Masjid Jami, Banjarmasin Utara

Banjarmasin, BARITO – Lima kecamatan di Kota Banjarmasin masing-masing memiliki satu masjid percontohan protokol kesehatan Covid-19 menyusul dibukanya kembali masjid pasca PSBB tiga berakhir.

Menurut Wali Kota Banjarmasin, Ibnu Sina, pemberlakuan protokol kesehatan di masjid itu seperti tetap memakai masker, kemudian pengaturan saf dan tidak bersalaman.
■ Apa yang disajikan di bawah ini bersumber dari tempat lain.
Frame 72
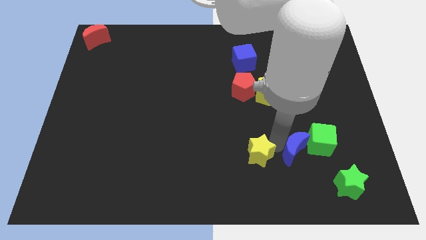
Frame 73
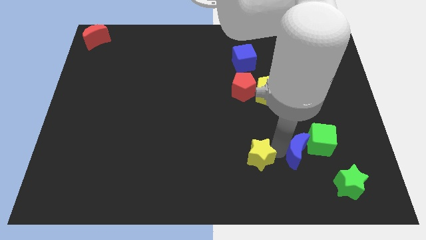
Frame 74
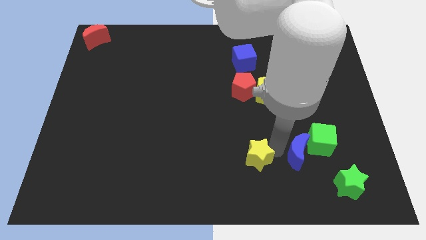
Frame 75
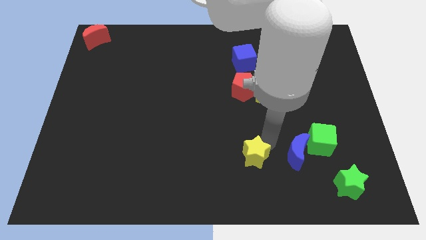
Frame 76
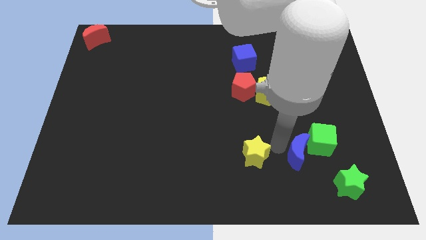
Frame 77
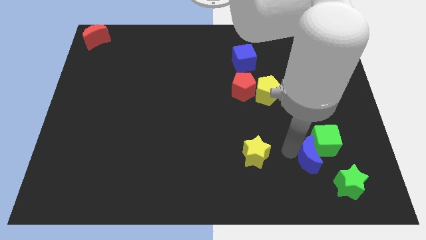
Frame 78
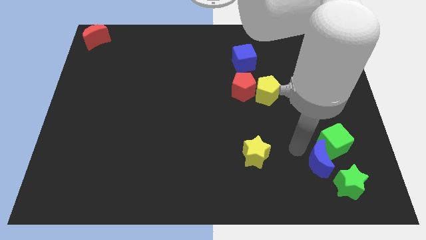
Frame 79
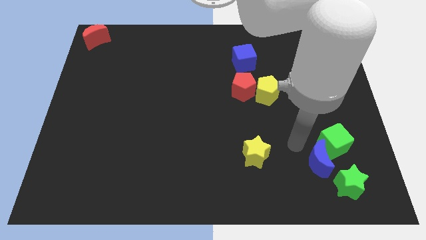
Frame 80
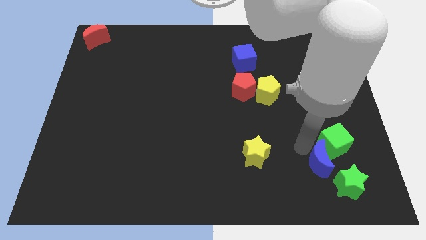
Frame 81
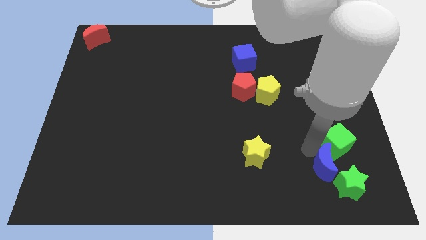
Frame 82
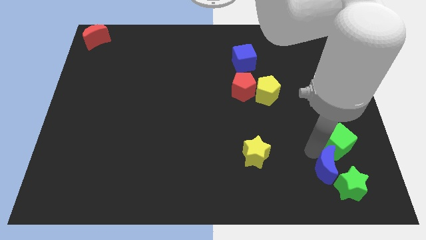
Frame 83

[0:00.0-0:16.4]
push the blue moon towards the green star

Ujar Ibnu masjid-masjid yang menjadi percontohan itu diantaranya seperti Masjid Agung untuk wilayah kota. Kemudian Masjid Jami untuk kecamatan Banjarmasin Utara, sedangkan Masjid Sabilal Muhtadin (Masjid Raya) dijadikan wilayah Pemprov Kalsel.

“Meskipun masjid sekarang dibuka kembali, tapi kami minta masyarakat tetap memperhatikan protokol kesehatan,” bebernya saat di temui di Banjarmasin, Rabu (3/6).

Ia melanjutkan, terkait hal diatas seluruh unsur forkopimda Kota Banjarmasin termasuk MUI Banjarmasin menjadwalkan rapat dihari itu.

Ibnu juga membeberkan, dilepasnya PSBB tahap 3 yang berakhir 31 Mei lalu itu masyarakat jangan merasa bebas seperti kehidupan normal sebelum adanya pandemi ini.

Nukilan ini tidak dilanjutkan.